* _The problem_
Word for word, restate every record, though not the pictures.

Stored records
=-=-=-=-=

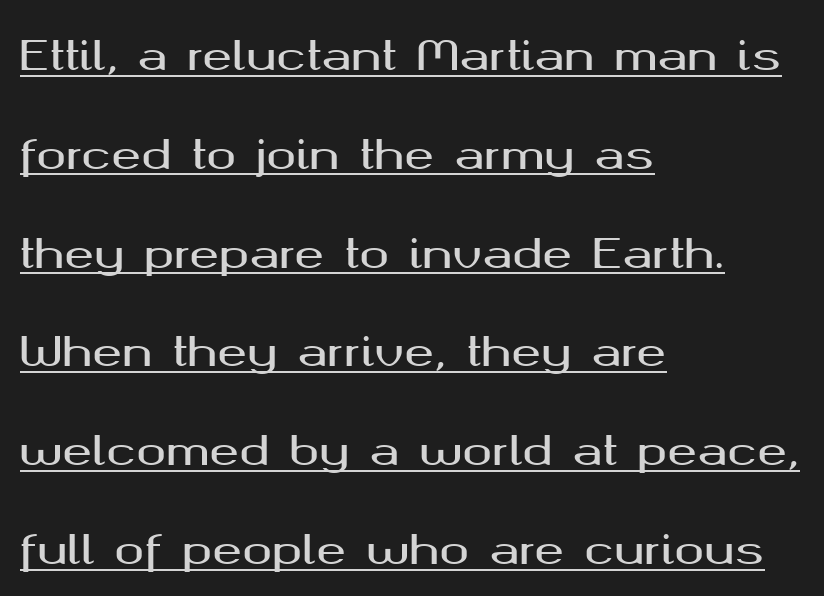
{"serif": "no", "italic": "no", "width": "wide", "stroke_contrast": "medium", "x_height": "medium", "monospaced": "no", "underline": "yes", "align": "left", "line_spacing": "loose", "line_spacing_ratio": 2.47, "letter_spacing": "normal", "letter_spacing_em": 0.0, "glyph_px": 40}
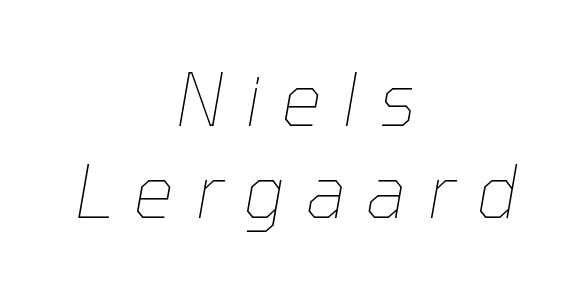
The image shows 72 px thin type, italic (leaning right); set centered, normal line spacing (1.28x), unusually wide letter spacing (+0.29 em), not underlined; low stroke contrast and a medium x-height.
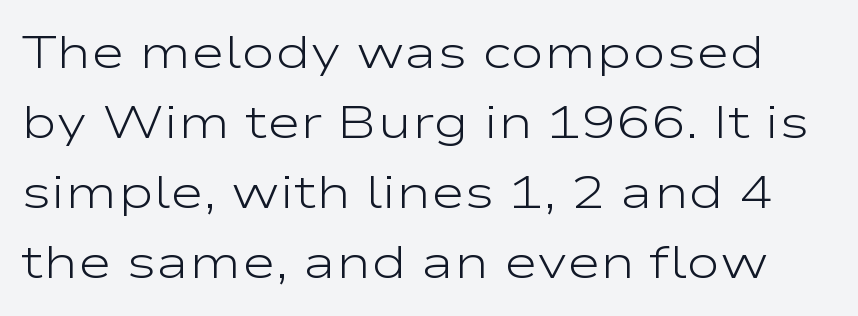
The image shows 46 px light, wide sans-serif type, upright; set normal line spacing (1.52x), normal letter spacing, not underlined; low stroke contrast and a medium x-height.
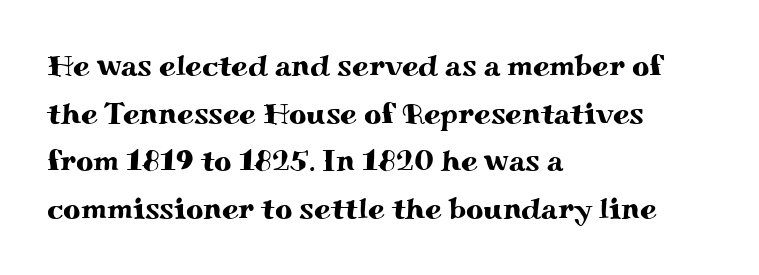
The face used here is seriffed, in the tradition of book romans. The letters sit at their default tracking, neither squeezed nor spread. Note the varied advance widths — an 'i' is clearly narrower than an 'm'. Leftover space on each line is placed entirely after the last word.
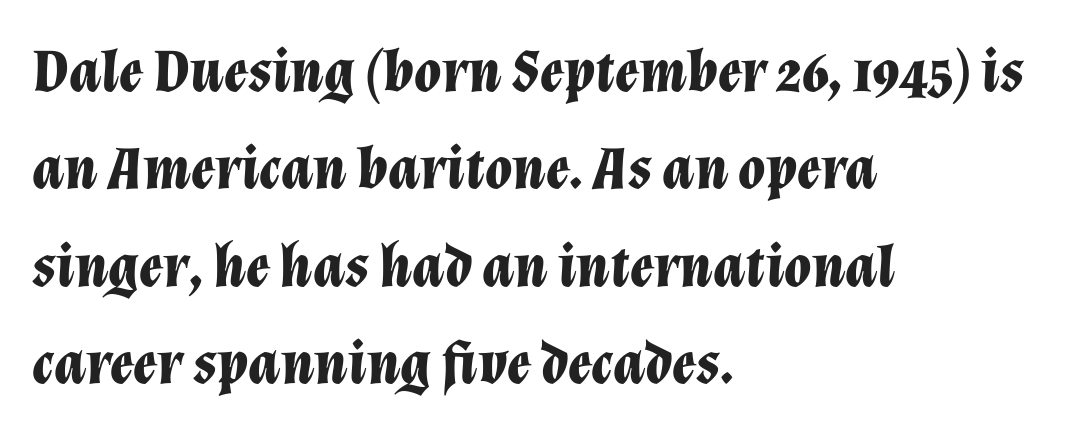
Q: Is the text bold? A: Yes.
Q: Is the text italic (slanted)? A: Yes, it leans right by about 12 degrees.
Q: Is the text underlined? A: No.
Q: How is the paragraph aligned? A: Left-aligned.
Q: Is the spacing between letters normal or unusually wide? A: Normal.
Q: Is the spacing between lines tight, normal or loose? A: Normal.
Q: Width (condensed, normal, or wide)? A: Normal.
Q: Stroke contrast? A: Low.
Q: x-height? A: Medium.
Q: Monospaced? A: No.
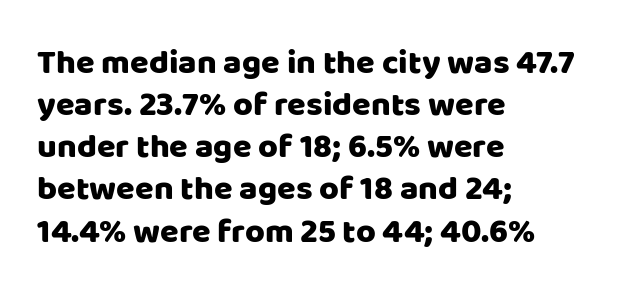
{"serif": "no", "italic": "no", "width": "normal", "stroke_contrast": "low", "x_height": "large", "monospaced": "no", "underline": "no", "align": "left", "line_spacing_ratio": 1.24, "letter_spacing": "normal", "letter_spacing_em": 0.0, "glyph_px": 34}
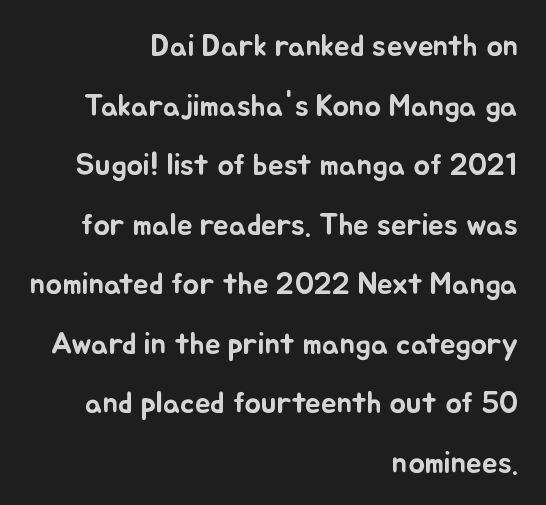
Line spacing here is loose. The face used here is proportionally spaced, like ordinary book or web type. Descenders are the only things crossing below the line. Is the letter spacing exaggerated? No — it looks like the ordinary default. The passage is arranged like a letterhead date or caption credit — flush right.
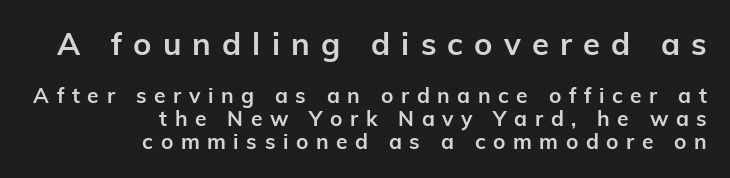
The image shows 31 px semibold sans-serif type, upright; set right-aligned, tight line spacing (1.08x), unusually wide letter spacing (+0.36 em), not underlined; the first (top) block is 1.48x larger; low stroke contrast and a medium x-height.
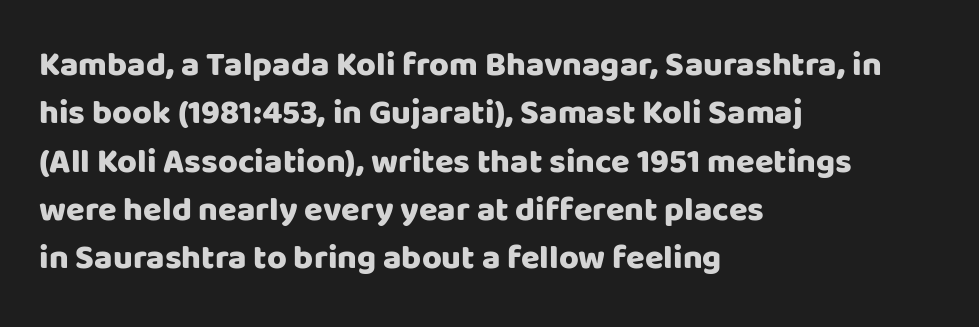
Q: Is the text bold? A: Yes.
Q: Is the text italic (slanted)? A: No, it is upright.
Q: Is the typeface a serif or a sans-serif typeface? A: Sans-serif.
Q: Is the text underlined? A: No.
Q: How is the paragraph aligned? A: Left-aligned.
Q: Is the spacing between letters normal or unusually wide? A: Normal.
Q: Is the spacing between lines tight, normal or loose? A: Normal.
Q: Width (condensed, normal, or wide)? A: Normal.
Q: Stroke contrast? A: Low.
Q: x-height? A: Large.
Q: Monospaced? A: No.
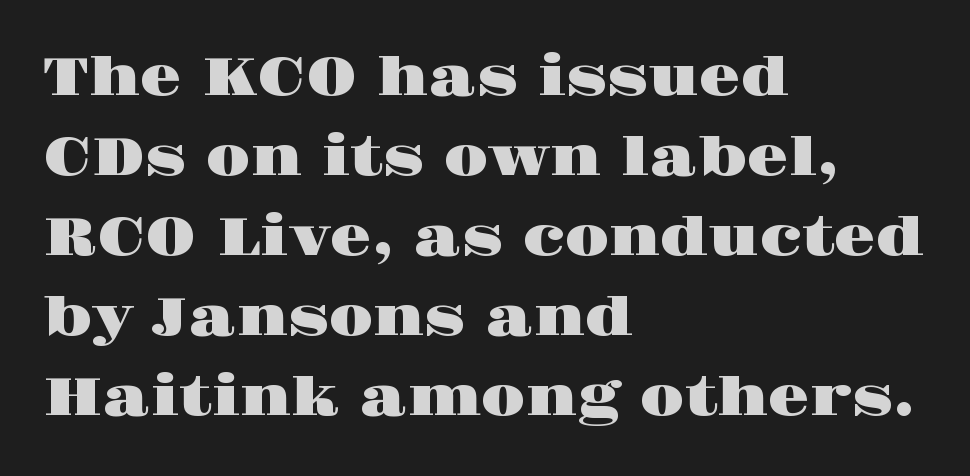
The image shows 54 px wide serif type, upright; set left-aligned, normal line spacing (1.48x), normal letter spacing, not underlined; high stroke contrast and a large x-height.
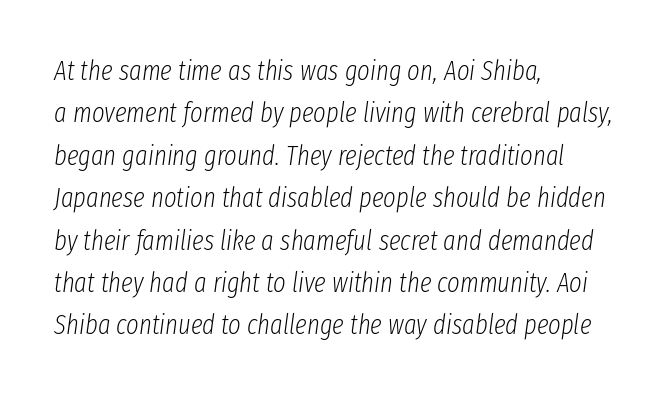
Q: Is the text bold? A: No.
Q: Is the text italic (slanted)? A: Yes, it leans right by about 8 degrees.
Q: Is the text underlined? A: No.
Q: How is the paragraph aligned? A: Left-aligned.
Q: Is the spacing between letters normal or unusually wide? A: Normal.
Q: Is the spacing between lines tight, normal or loose? A: Normal.
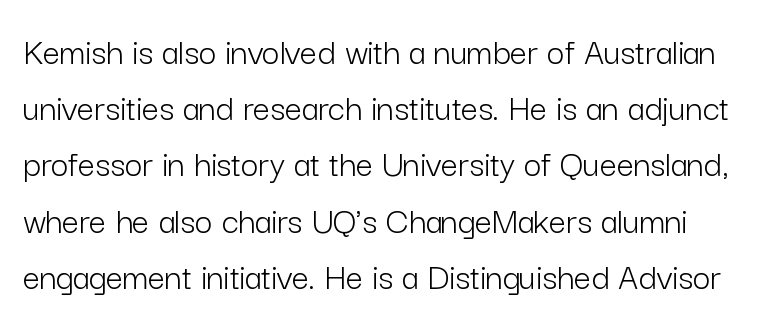
The image shows 38 px light sans-serif type, upright; set normal line spacing (1.48x), normal letter spacing, not underlined; low stroke contrast and a medium x-height.

=-=-=-=-=

* _Solution below_
{"serif": "no", "italic": "no", "width": "wide", "stroke_contrast": "medium", "x_height": "medium", "monospaced": "no", "underline": "yes", "align": "left", "line_spacing": "loose", "line_spacing_ratio": 2.47, "letter_spacing": "normal", "letter_spacing_em": 0.0, "glyph_px": 40}
The image shows 72 px thin type, italic (leaning right); set centered, normal line spacing (1.28x), unusually wide letter spacing (+0.29 em), not underlined; low stroke contrast and a medium x-height.
The image shows 46 px light, wide sans-serif type, upright; set normal line spacing (1.52x), normal letter spacing, not underlined; low stroke contrast and a medium x-height.
The face used here is seriffed, in the tradition of book romans. The letters sit at their default tracking, neither squeezed nor spread. Note the varied advance widths — an 'i' is clearly narrower than an 'm'. Leftover space on each line is placed entirely after the last word.
Q: Is the text bold? A: Yes.
Q: Is the text italic (slanted)? A: Yes, it leans right by about 12 degrees.
Q: Is the text underlined? A: No.
Q: How is the paragraph aligned? A: Left-aligned.
Q: Is the spacing between letters normal or unusually wide? A: Normal.
Q: Is the spacing between lines tight, normal or loose? A: Normal.
Q: Width (condensed, normal, or wide)? A: Normal.
Q: Stroke contrast? A: Low.
Q: x-height? A: Medium.
Q: Monospaced? A: No.
{"serif": "no", "italic": "no", "width": "normal", "stroke_contrast": "low", "x_height": "large", "monospaced": "no", "underline": "no", "align": "left", "line_spacing_ratio": 1.24, "letter_spacing": "normal", "letter_spacing_em": 0.0, "glyph_px": 34}
Line spacing here is loose. The face used here is proportionally spaced, like ordinary book or web type. Descenders are the only things crossing below the line. Is the letter spacing exaggerated? No — it looks like the ordinary default. The passage is arranged like a letterhead date or caption credit — flush right.
The image shows 31 px semibold sans-serif type, upright; set right-aligned, tight line spacing (1.08x), unusually wide letter spacing (+0.36 em), not underlined; the first (top) block is 1.48x larger; low stroke contrast and a medium x-height.
Q: Is the text bold? A: Yes.
Q: Is the text italic (slanted)? A: No, it is upright.
Q: Is the typeface a serif or a sans-serif typeface? A: Sans-serif.
Q: Is the text underlined? A: No.
Q: How is the paragraph aligned? A: Left-aligned.
Q: Is the spacing between letters normal or unusually wide? A: Normal.
Q: Is the spacing between lines tight, normal or loose? A: Normal.
Q: Width (condensed, normal, or wide)? A: Normal.
Q: Stroke contrast? A: Low.
Q: x-height? A: Large.
Q: Monospaced? A: No.
The image shows 54 px wide serif type, upright; set left-aligned, normal line spacing (1.48x), normal letter spacing, not underlined; high stroke contrast and a large x-height.
Q: Is the text bold? A: No.
Q: Is the text italic (slanted)? A: Yes, it leans right by about 8 degrees.
Q: Is the text underlined? A: No.
Q: How is the paragraph aligned? A: Left-aligned.
Q: Is the spacing between letters normal or unusually wide? A: Normal.
Q: Is the spacing between lines tight, normal or loose? A: Normal.
The image shows 38 px light sans-serif type, upright; set normal line spacing (1.48x), normal letter spacing, not underlined; low stroke contrast and a medium x-height.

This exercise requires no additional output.